Grecia in crisi tra titoli "spazzatura" e aiuti dell'Fmi


Grecia in crisi tra titoli 'spazzatura' e aiuti dell'Fmi
28/04/2010, 09:04

ATENE - Nuova mazzata contro l'economia greca inferta dalla agenzia di rating Standard & Poor's, che nella serata di ieri ha declassato i titoli greci a "junk bonds", letteralmente "titoli spazzatura". In pratica, secondo l'agenzia di rating, la Grecia ormai è vicina al default, per cui comprare i suoi titoli è rischioso, indipendentemente dal tasso di interesse che vi è applicato. Questo rischia, se le altre agenzie di rating dovessero seguire la Standard & Poor's, di rendere i titoli non utilizzabili per gli scambi internazionali, a partire da quelli della BCE.
La decisione ha fatto schizzare in alto i titoli greci, che ora sul mercato hanno un interesse del 9,73%, per i titoli a 10 anni, con un differenziale sui Bund tedeschi - che vengono presi come riferimento in Europa, per la loro stabilità - che ha quasi raggiunto i 7 punti percentuali.
Ma a livello europeo è tutto bloccato, soprattutto per colpa della Germania. Tra due settimane, il 9 maggio, si svolgeranno le elezioni regionali nel Nord Reno Vestfalia, ed è una zona politicamente indicativa. Di conseguenza la Merkel non intende muoversi prima delle elezioni, per paura di perdere consensi elettorali. La data di "non ritorno" è il 19 maggio. Per quella data è prevista la collocazione del mercato di una grossa quantità di titoli greci, per sostituire quelli in scadenza. Entro quella data o la Grecia riacquista credibilità o i rischi sono enormi. E per riacquistare credibilità il Paese deve ricevere i 43 miliardi concordati con l'Unione Europea, intervento ostacolato dai tedeschi. proprio per questo la Spagna, Presidente dell'Unione Europea in questo semestre, ha predisposto una riunione per il 10 maggio, cioè dopo le elezioni. Ma anche il Fondo monetario internazionale potrebbe muoversi, dando una ulteriore mano con un prestito ponte di 10 miliardi.

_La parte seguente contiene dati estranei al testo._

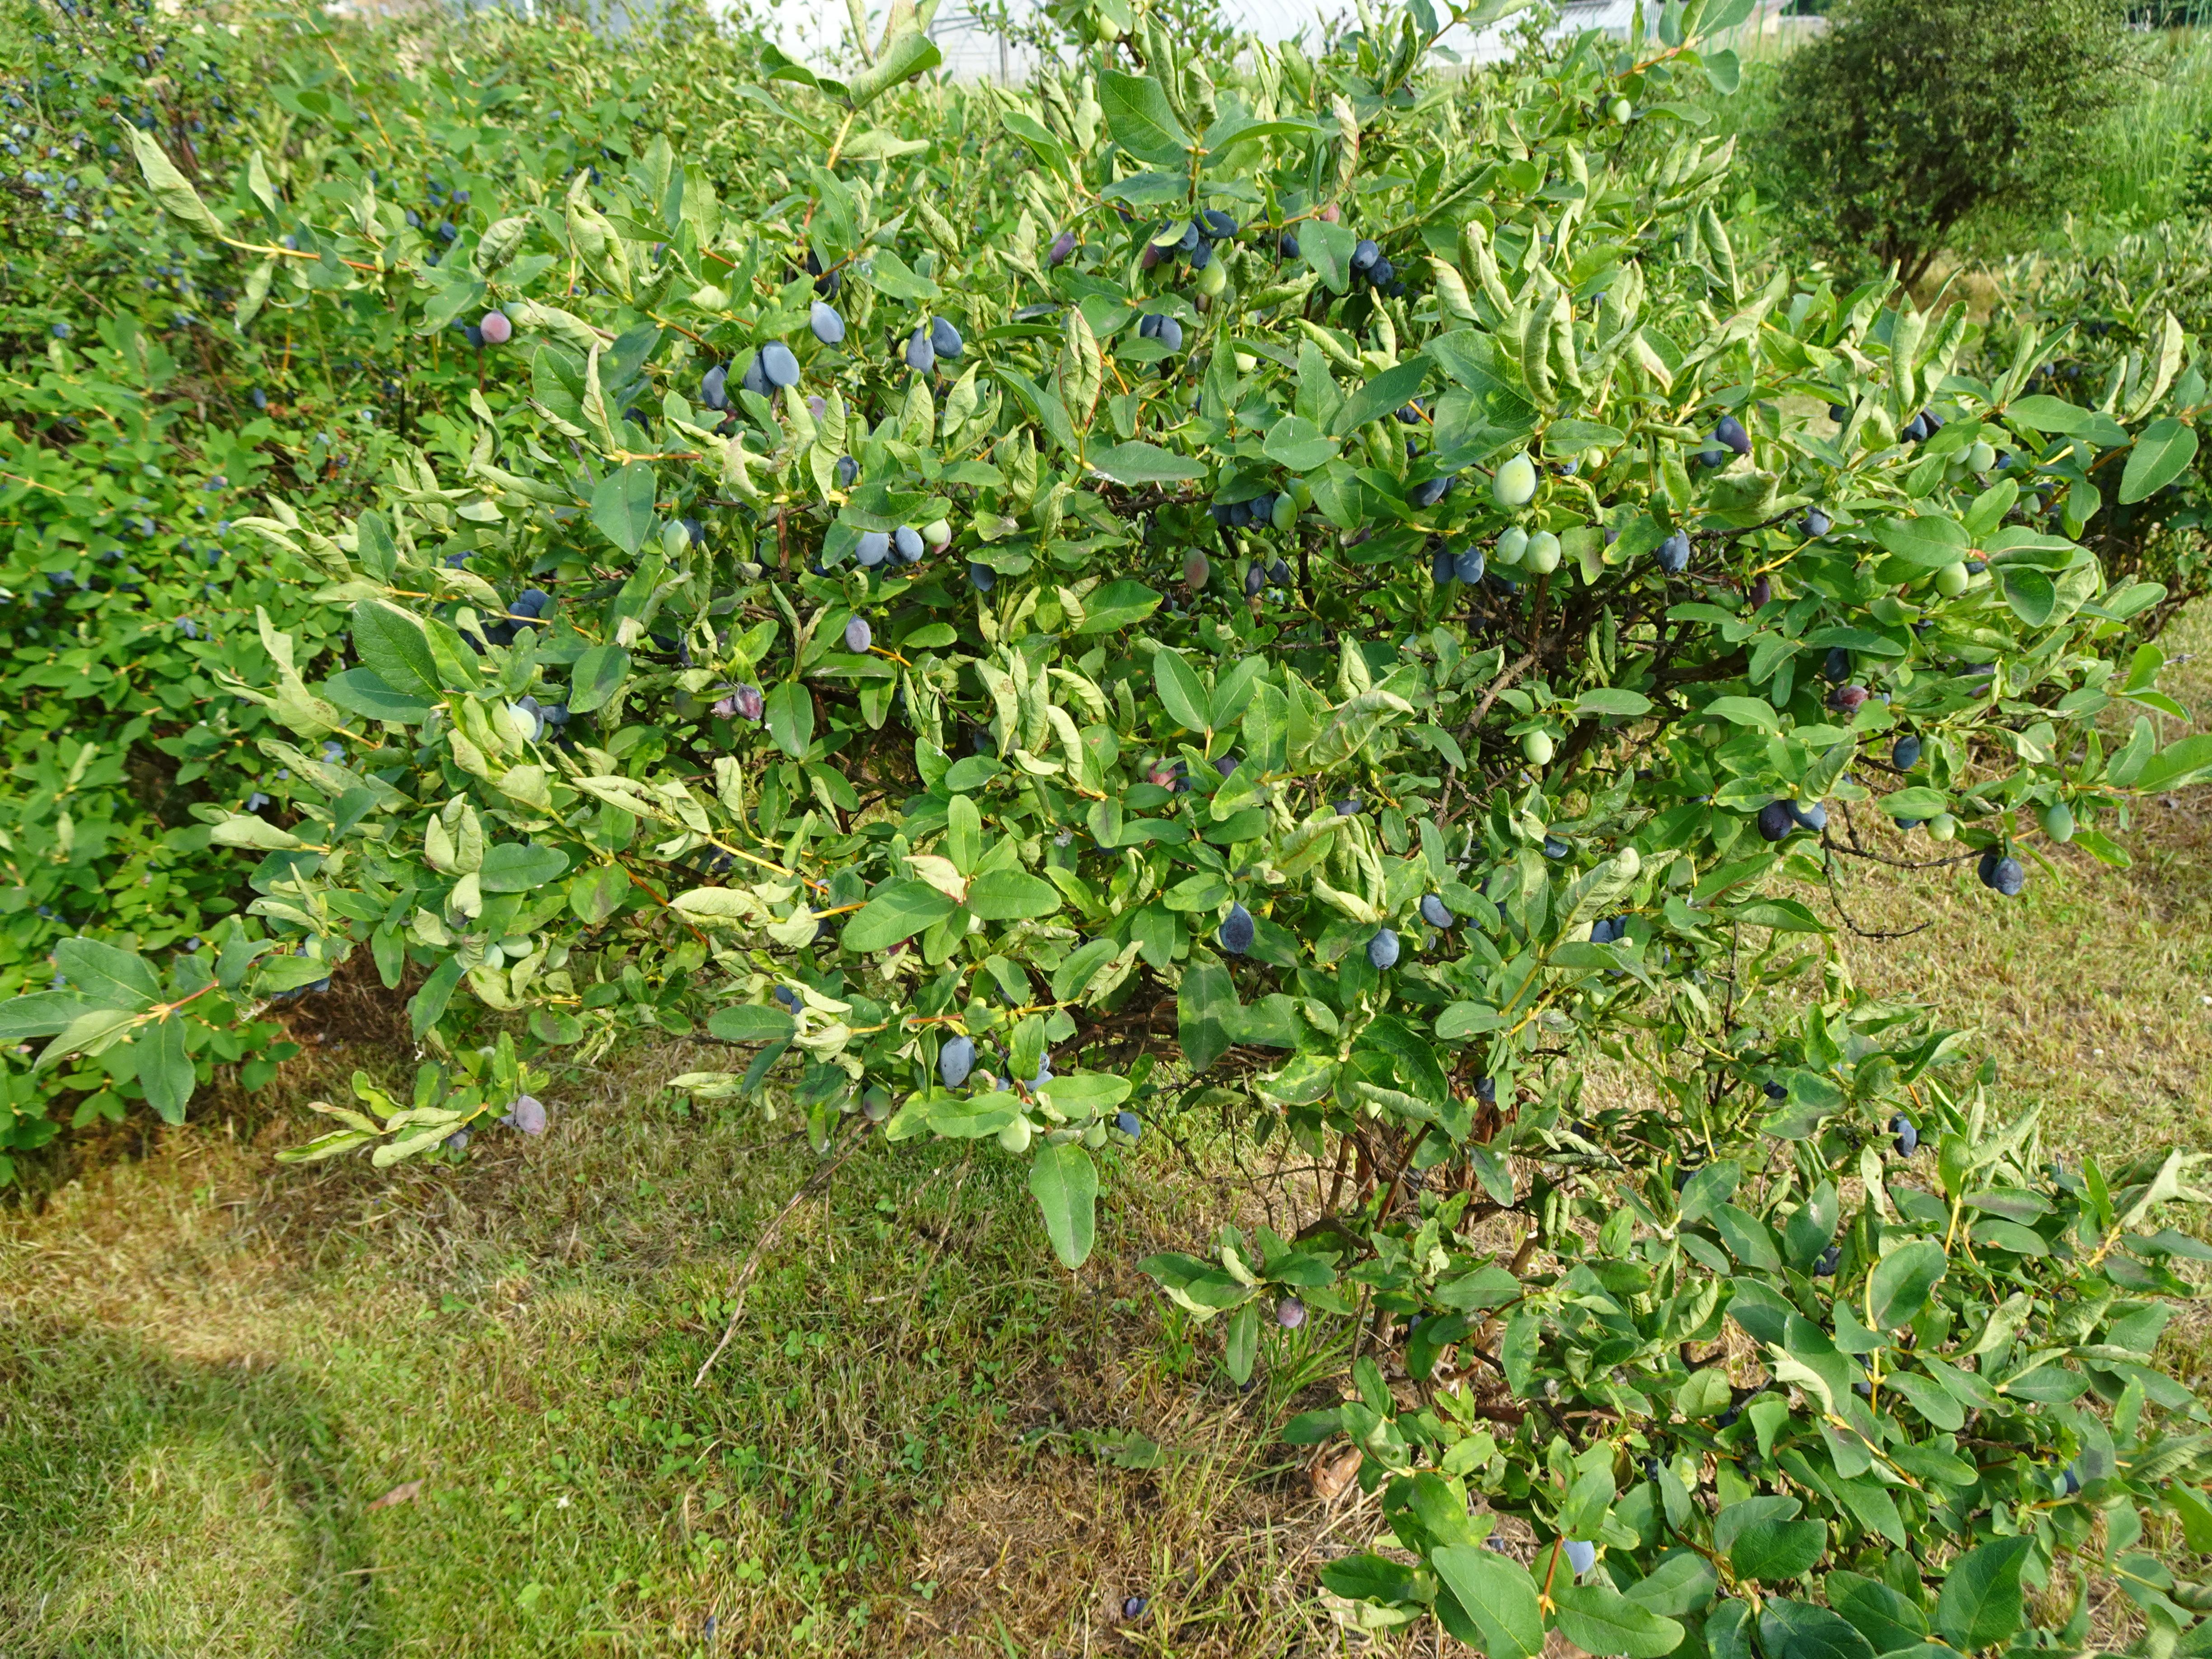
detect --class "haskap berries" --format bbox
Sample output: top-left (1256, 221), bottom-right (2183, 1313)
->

Ma Standard & Poor's ha annunciato che abbasserà anche il rating del Portogallo, dopo averne variato l'outlook a negativo. Evidentemente l'agenzia di rating ritiene che, se la speculazione internazionale riuscirà ad avere la meglio sulla Grecia, il prossimo obiettivo saranno i lusitani. La decisione ha portato ad un aumento dei tassi di interesse al 5,5%, contro il precedente 5,17%. Evidentemente i timori di S&P sono condivisi dagli operatori finanziari internazionali.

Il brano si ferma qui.